*What is being asked*
Word for word, restate the data that follows, omitting the images.

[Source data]
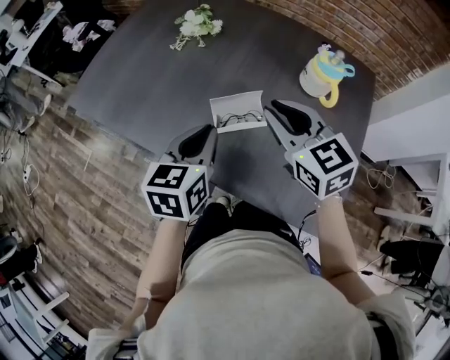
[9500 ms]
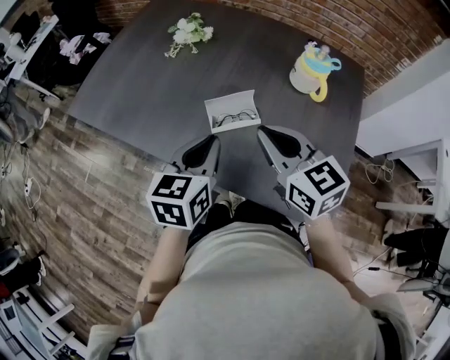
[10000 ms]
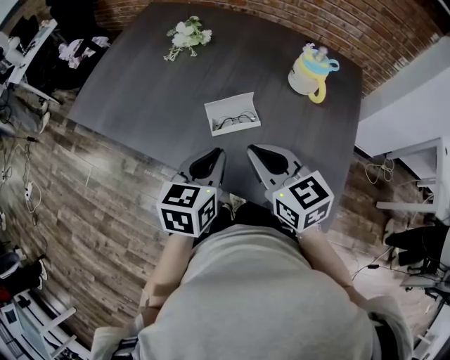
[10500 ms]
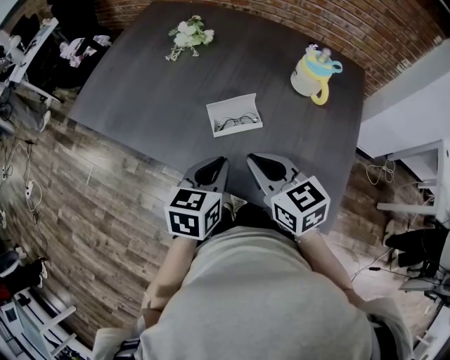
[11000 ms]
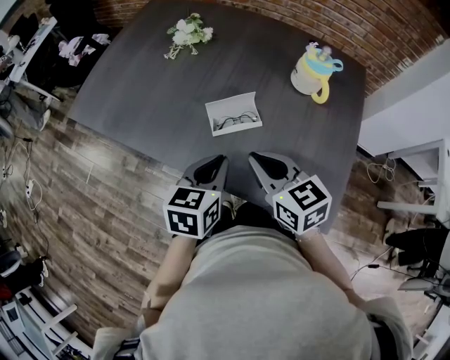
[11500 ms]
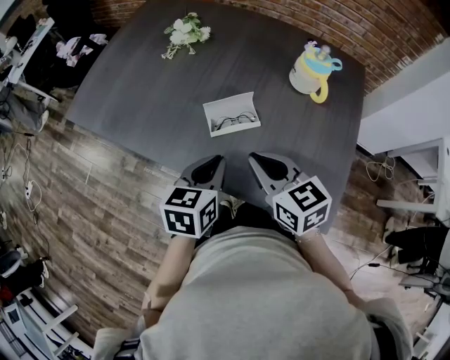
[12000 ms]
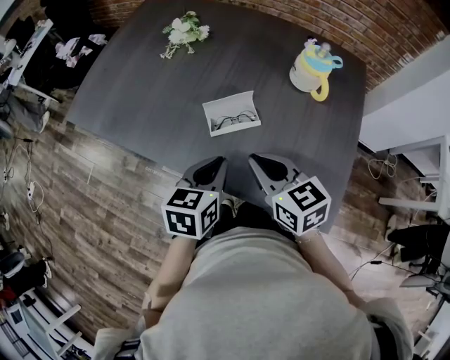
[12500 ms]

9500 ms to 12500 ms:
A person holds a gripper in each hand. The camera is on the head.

*Task output*
[9500 ms]
[10000 ms]
[10500 ms]
[11000 ms]
[11500 ms]
[12000 ms]
[12500 ms]

9500 ms to 12500 ms:
A person holds a gripper in each hand. The camera is on the head.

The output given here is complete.